Fraught with these problems (and there are many more), it seems that the burden of evidence must here lie with he who seeks to establish the adequacy of chance and selection in finely-tuning this pool of amino acids. And this isn’t by any means the only feature which appears to have been delicately optimised either. The genetic code is also finely tuned in order to minimise the detrimental effects of mutations (for details, see my previous article).
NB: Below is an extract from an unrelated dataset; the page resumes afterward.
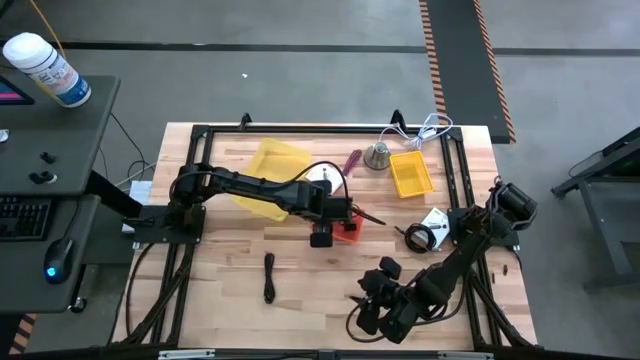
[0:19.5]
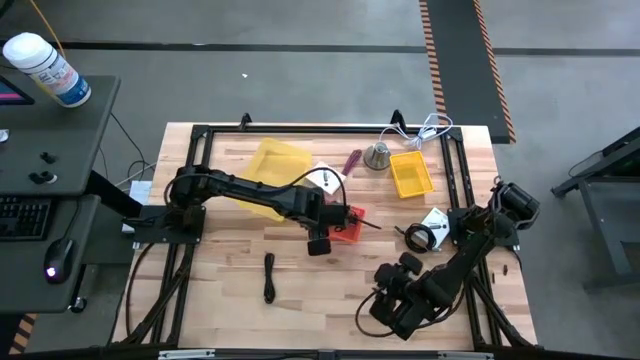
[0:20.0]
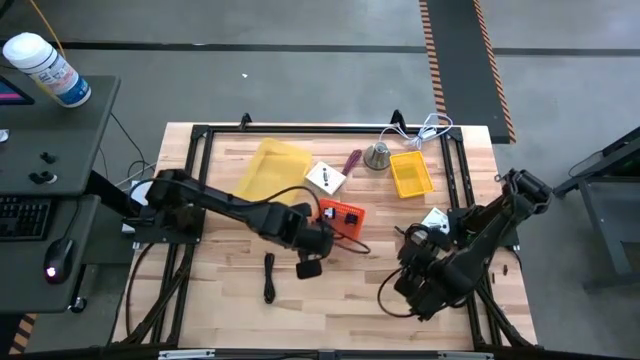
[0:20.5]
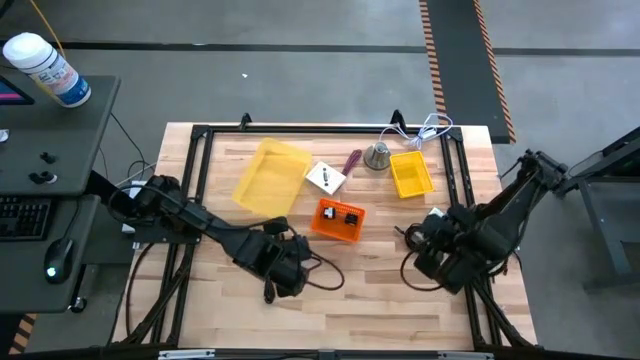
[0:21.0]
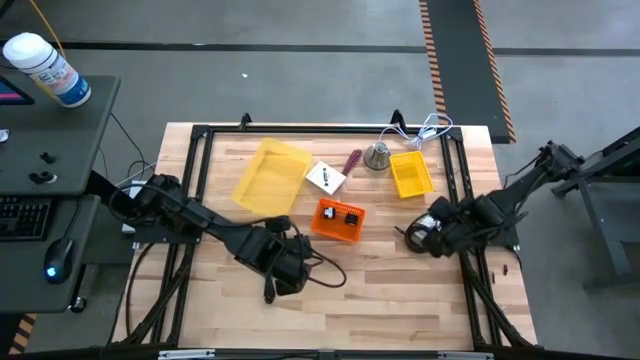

If chance and necessity are seemingly inadequate, either on their own or in co-operation, what about the causal powers of agent causality? Such delicately balanced and finely-tuned parameters are routinely associated with purposive agents. Agents are uniquely endowed with the capacity of foresight, and have the capacity to visualise and subsequently actualise a complex and finely-tuned information-rich system, otherwise unattainable by chance and law. If, in every other realm of experience, such features are routinely attributed to intelligent causes, and we have seen no reason to think that this intuition is mistaken, are we not justified in positing and inferring that these systems we are finding in biology also originated at the will of a purposive conscious agent? Let me conclude by quoting from Stephen C. Meyer’s groundbreaking book, Signature in the Cell (page 452):
Everywhere in our high-tech environment we observe complex events, artifacts, and systems that impel our minds to recognize the activity of other minds: minds that communicate, plan, and design. But to detect the presence of mind, to detect the activity of intelligence in the echo of its effects, requires a mode of reasoning — indeed, a form of knowledge — that science, or at least official biology, has long excluded. If living things — things that we manifestly did not design ourselves — bear the hallmarks of design, if they exhibit a signature that would lead us to recognize intelligent activity in any other realm of experience, then perhaps it is time to rehabilitate this lost way of knowing and to rekindle our wonder in the intelligibility and design of nature that first inspired the scientific revolution.